_Exercise_
The lines running from the one that contains "This image appeared 2.9 s after image 1." to the end of the records below are what to reproduce, exactly and without pictures.

_Data to process_
····················

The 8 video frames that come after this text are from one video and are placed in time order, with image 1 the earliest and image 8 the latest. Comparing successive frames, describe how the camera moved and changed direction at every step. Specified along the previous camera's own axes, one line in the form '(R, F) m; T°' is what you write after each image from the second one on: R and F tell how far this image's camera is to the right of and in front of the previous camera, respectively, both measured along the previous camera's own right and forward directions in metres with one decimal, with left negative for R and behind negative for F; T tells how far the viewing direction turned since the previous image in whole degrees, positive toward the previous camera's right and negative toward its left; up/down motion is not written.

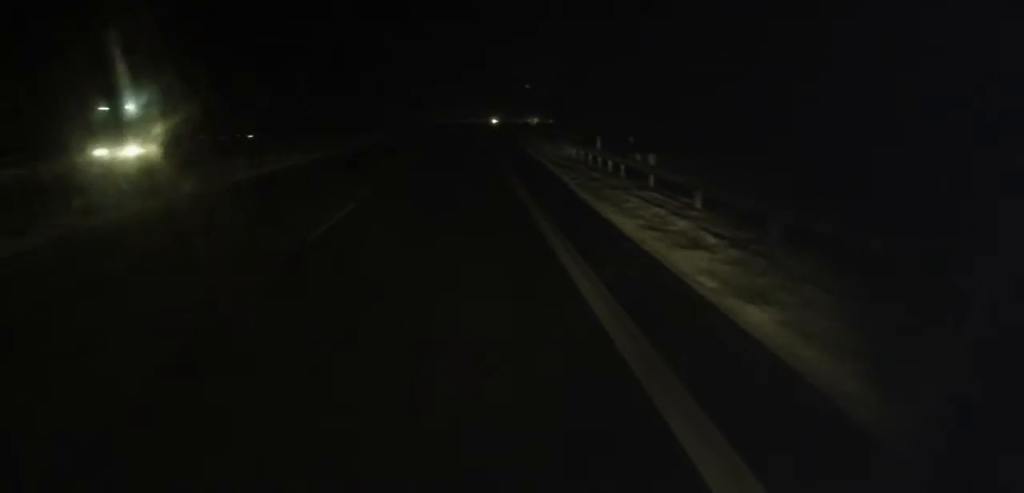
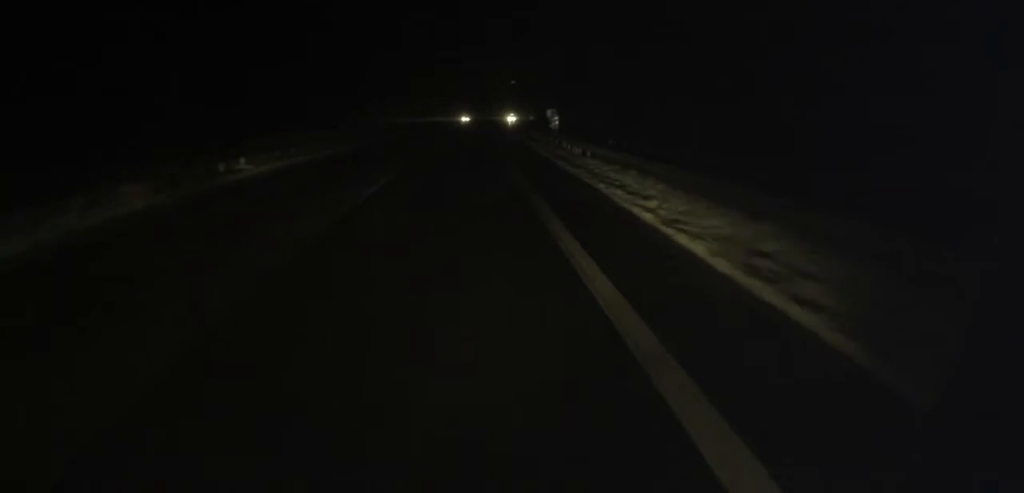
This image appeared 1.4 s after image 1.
(+0.8, +31.2) m; +2°
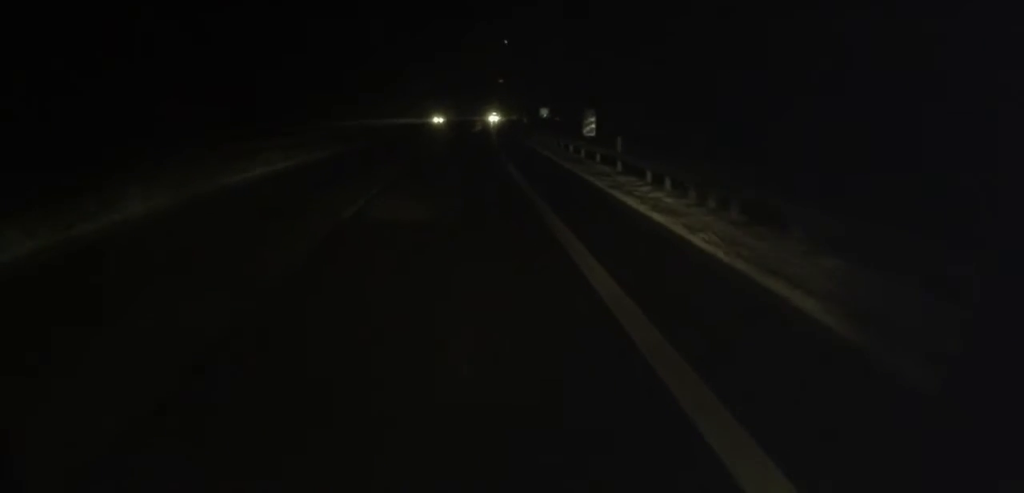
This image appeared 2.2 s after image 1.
(+0.2, +19.1) m; +2°
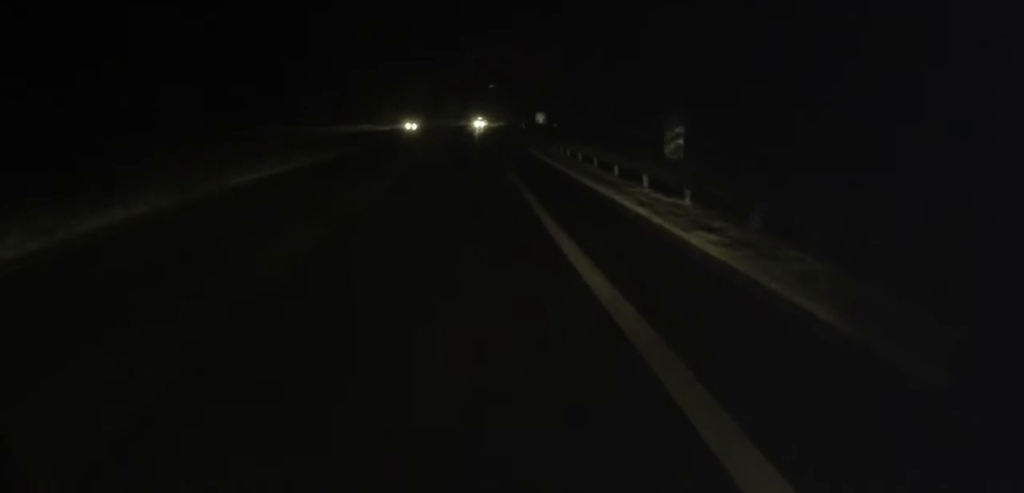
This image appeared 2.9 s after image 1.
(+0.1, +15.3) m; +2°
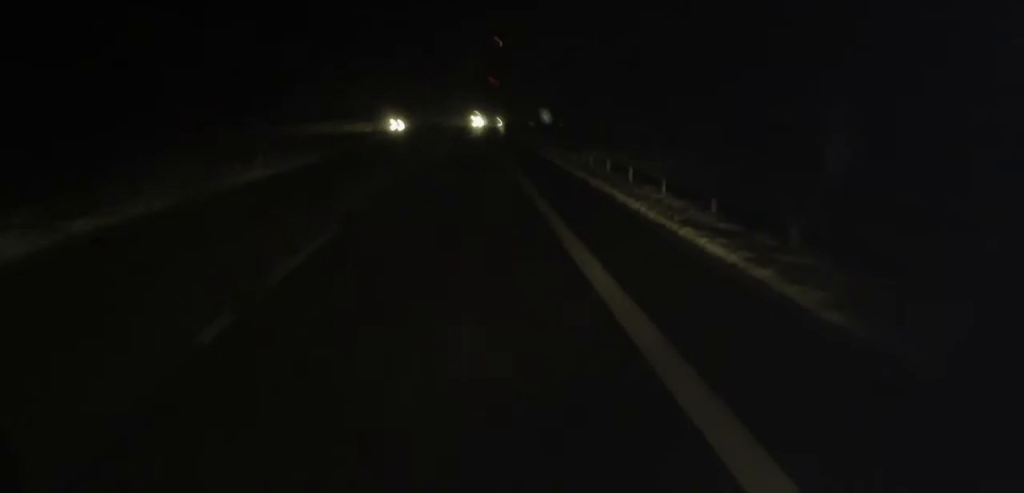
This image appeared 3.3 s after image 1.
(+0.2, +9.3) m; +1°
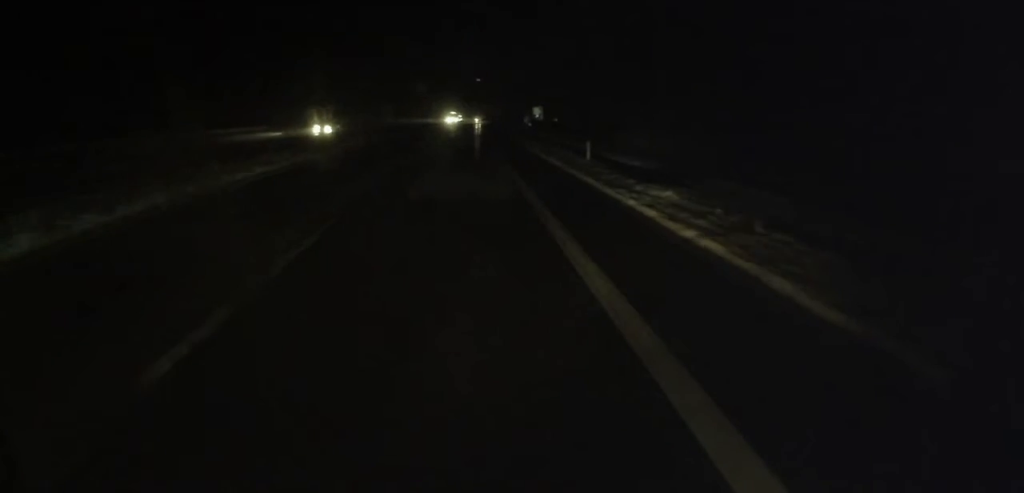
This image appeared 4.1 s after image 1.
(+0.2, +18.6) m; +1°
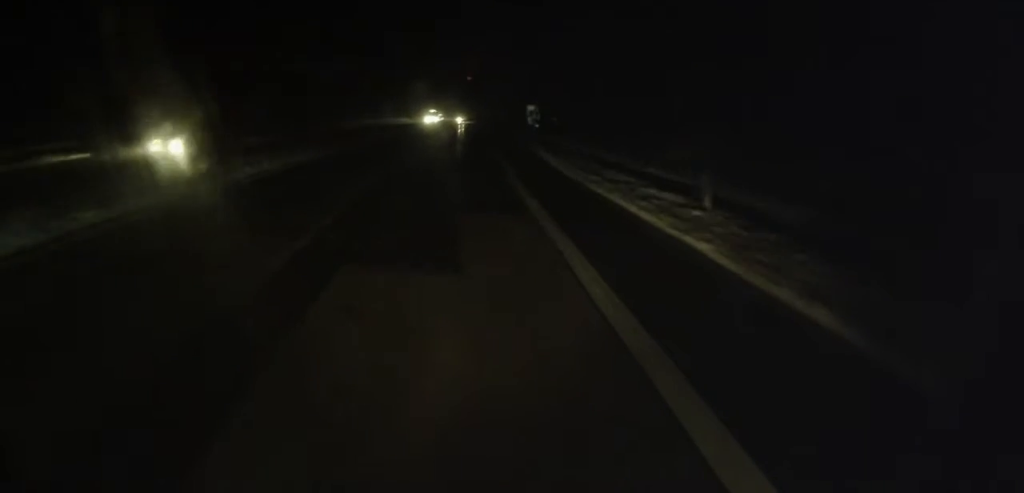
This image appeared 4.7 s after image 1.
(-0.1, +15.5) m; 0°
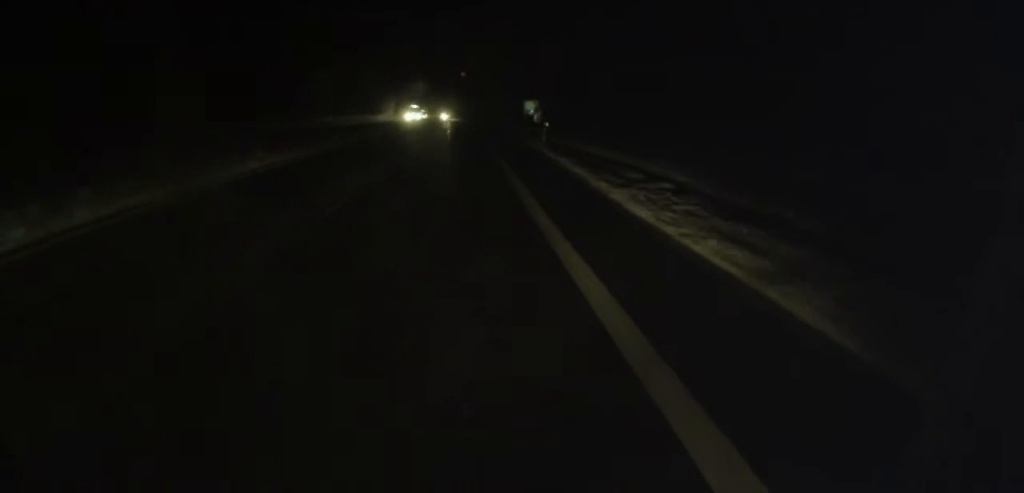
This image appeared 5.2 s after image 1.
(0.0, +11.7) m; 0°

····················

_Written reply_
This image appeared 2.9 s after image 1.
(+0.1, +15.3) m; +2°
This image appeared 3.3 s after image 1.
(+0.2, +9.3) m; +1°
This image appeared 4.1 s after image 1.
(+0.2, +18.6) m; +1°
This image appeared 4.7 s after image 1.
(-0.1, +15.5) m; 0°
This image appeared 5.2 s after image 1.
(0.0, +11.7) m; 0°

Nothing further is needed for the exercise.